The aim of this study was to evaluate the visual function information obtained from multiple reading tests in a dry eye population.


In this case–control, single-center clinical research center– based study, 15 subjects with dry eye (mean age 65 years) and 10 normal subjects (mean age 40 years) were included. The Standardized Mini-Mental Examination was given to assure that subjects had normal cognitive function. Reading tests were both sentence based (Radner reading acuity test, reading contrast sensitivity test at a fixed print size, and menu-reading test) and paragraph based (Wilkins test and International Reading Speed Texts [IReST]). Wilkins and IReST tests were slightly modified to increase difficulty and visual stress. The main outcome measures were cognitive function, fatigue, dry eye symptoms, reading acuity, reading rate, and blink rate.

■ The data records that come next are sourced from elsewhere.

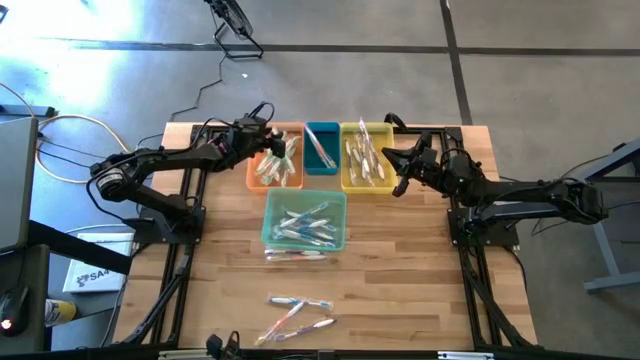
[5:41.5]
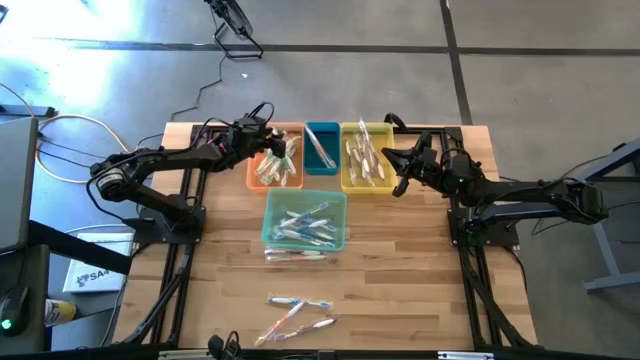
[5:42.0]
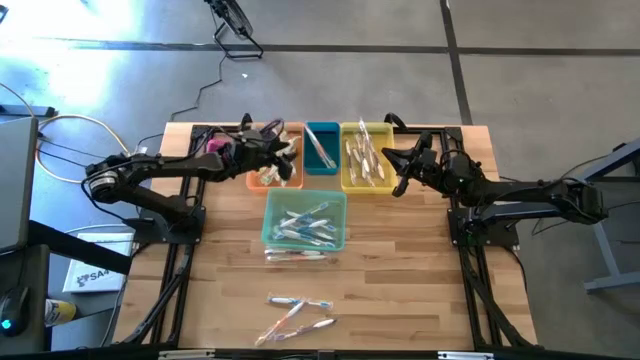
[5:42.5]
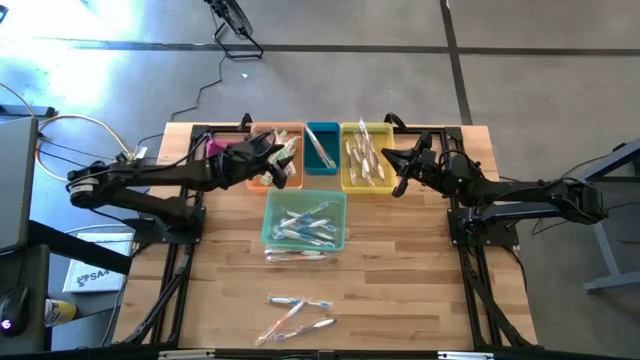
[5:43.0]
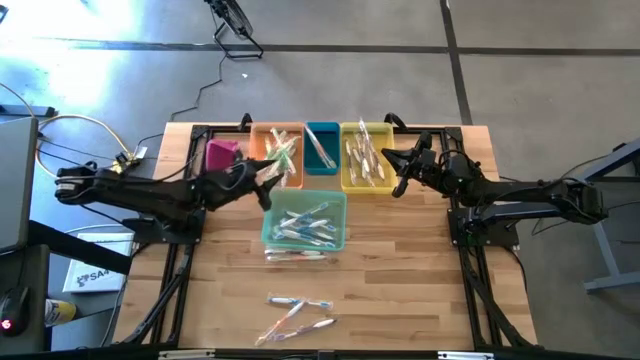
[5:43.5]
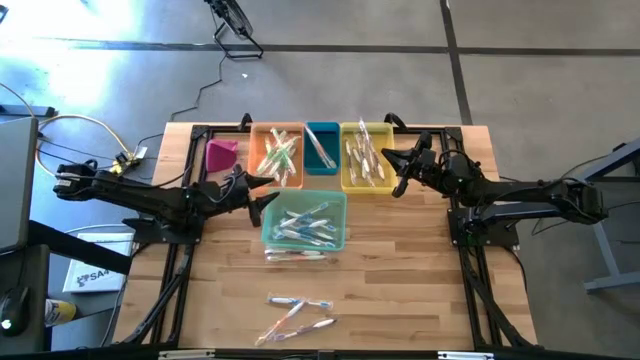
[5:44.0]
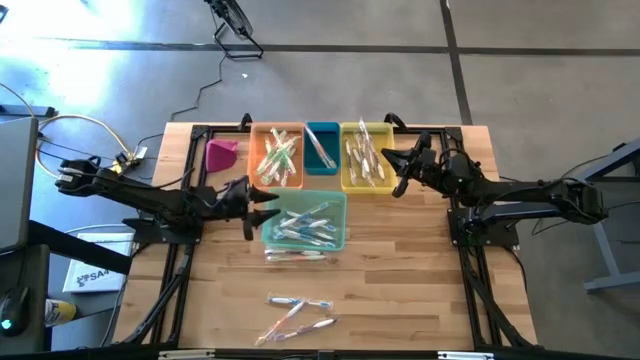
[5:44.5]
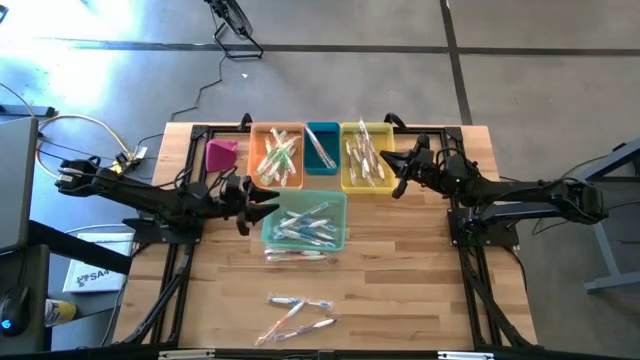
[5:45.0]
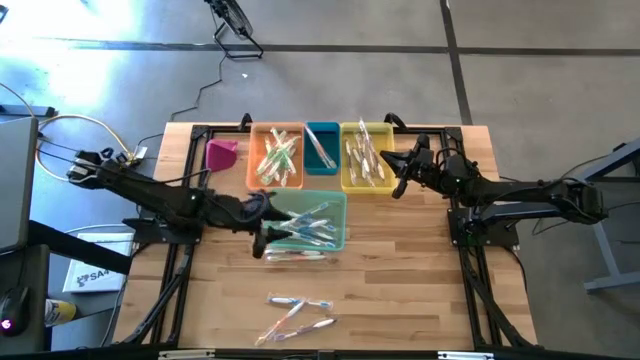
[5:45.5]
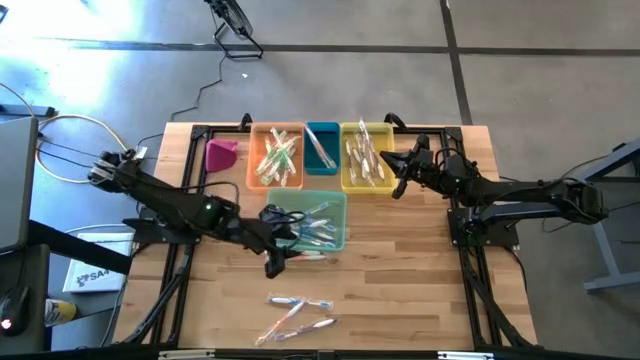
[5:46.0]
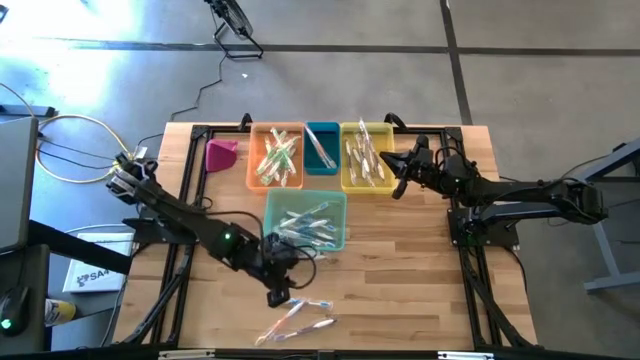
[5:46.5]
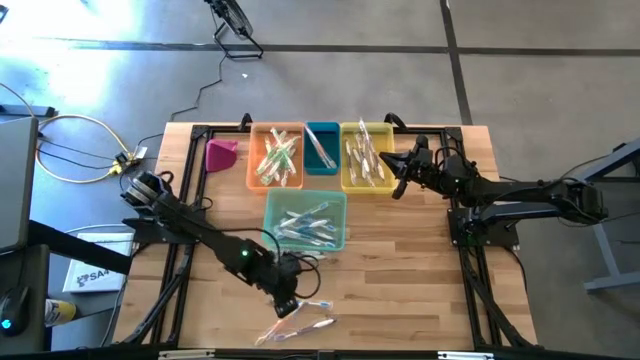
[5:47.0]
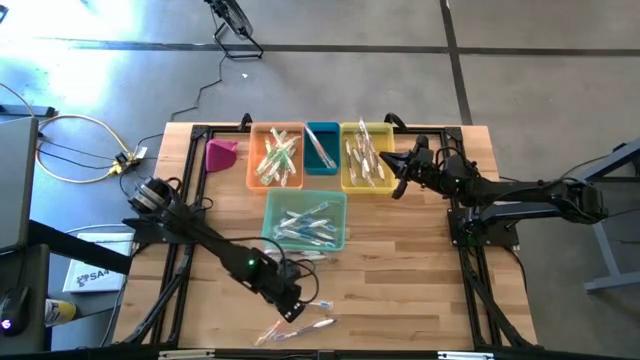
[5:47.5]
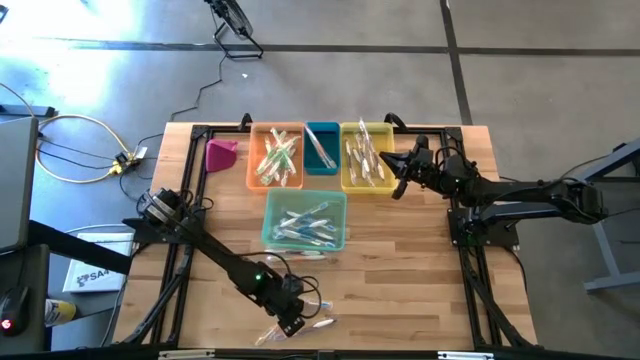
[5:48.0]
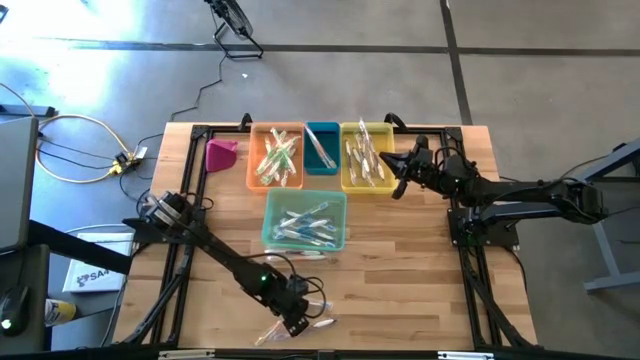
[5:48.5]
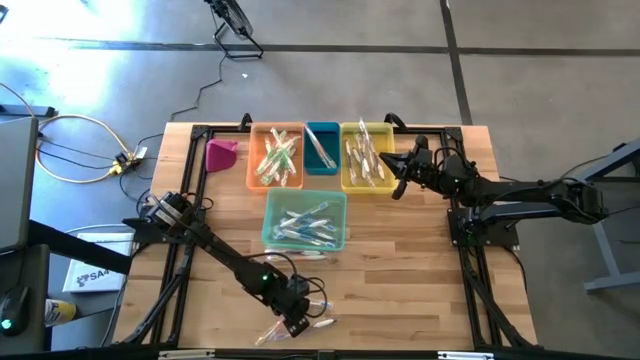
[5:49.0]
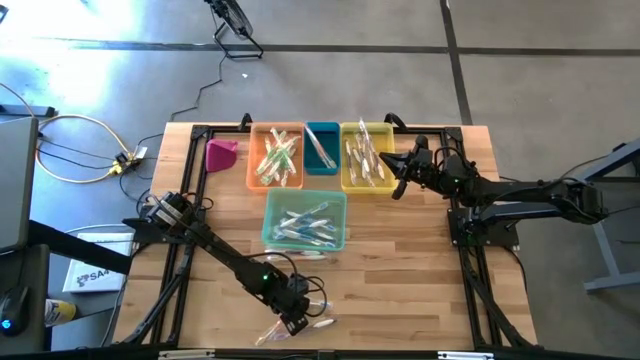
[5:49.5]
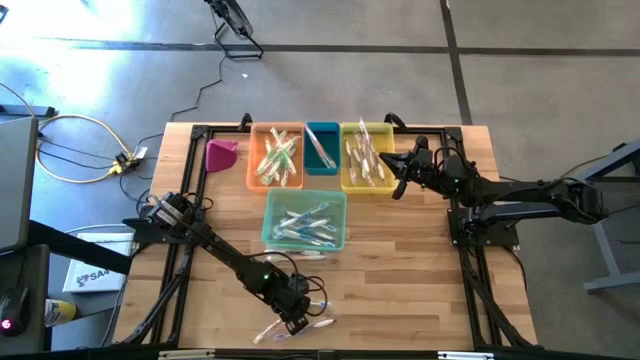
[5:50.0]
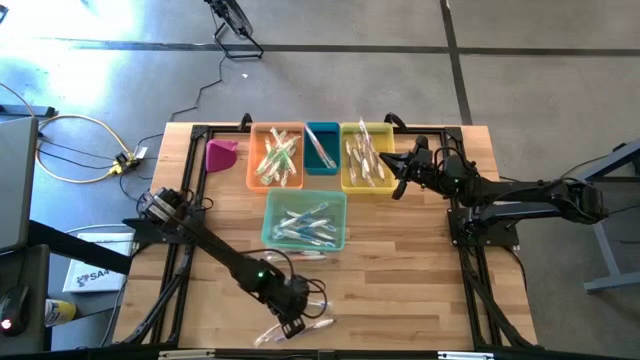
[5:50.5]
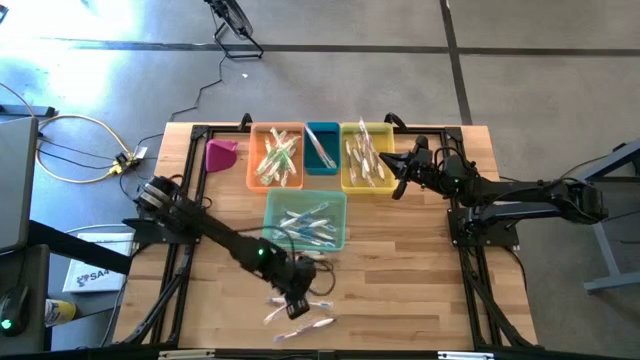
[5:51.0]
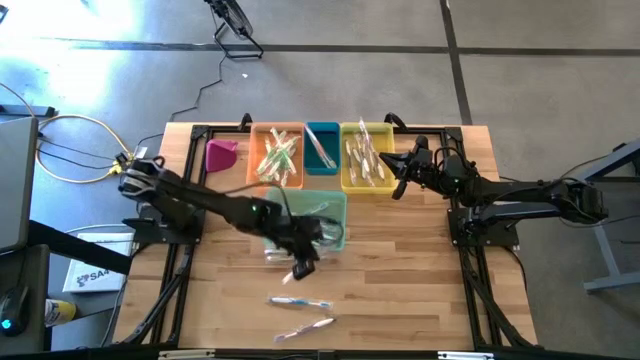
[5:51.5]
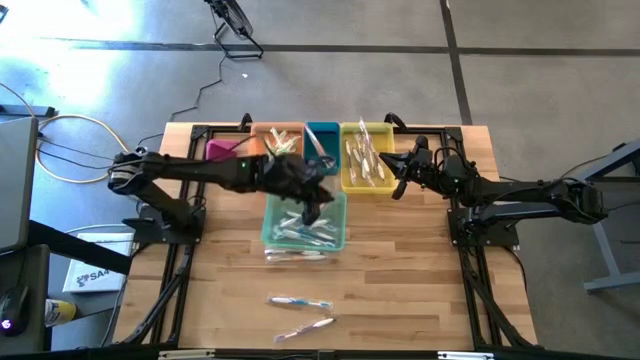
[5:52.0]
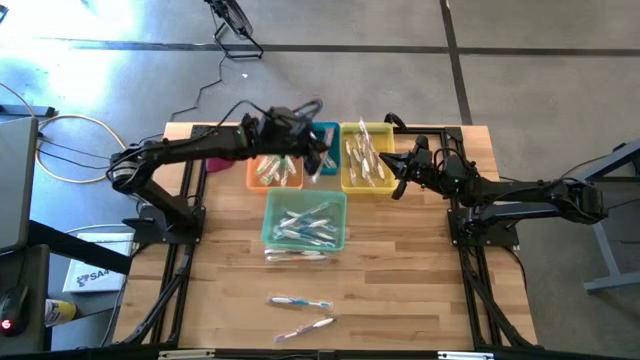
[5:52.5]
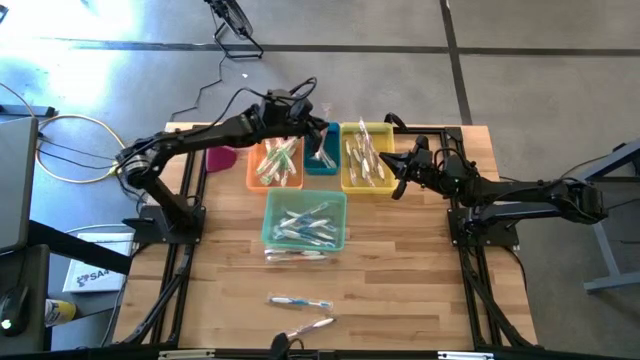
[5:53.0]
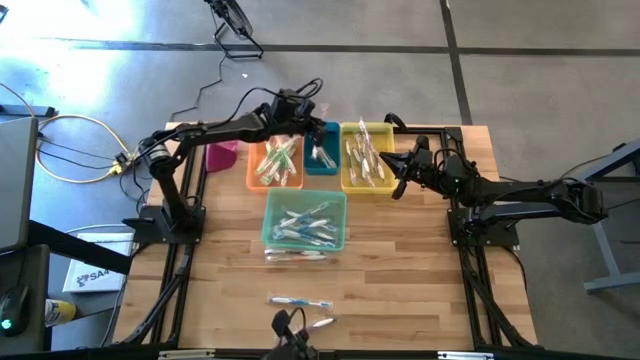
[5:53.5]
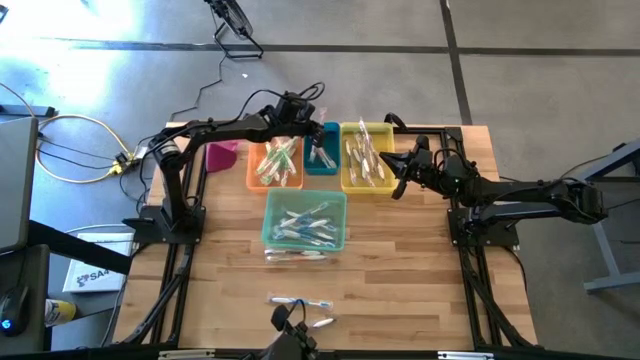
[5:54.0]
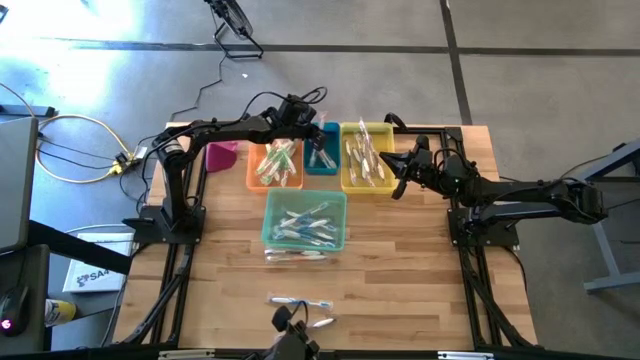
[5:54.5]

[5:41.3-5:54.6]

Results showed significantly lower rates in all reading tests in subjects with dry eye than in normal subjects; in the age-matched subgroup, only the menu and contrast sensitivity tests lost significance. Fatigue was significantly related to the IReST test, both at normal and critical print sizes. Reflex tearing was monitored and shown to significantly decrease the reading rate. IReST scores were considered the baseline, and the percent change from one test to IReST was also used to differentiate dry eye and normal subjects. The blink rate, symptoms, and demographics were not significantly correlated with reading tests.


Reading is a relevant end point that differentiates dry eye and normal subjects. This study evaluated a variety of reading tests for relevance as a measurable assessment of visual function in dry eye disease.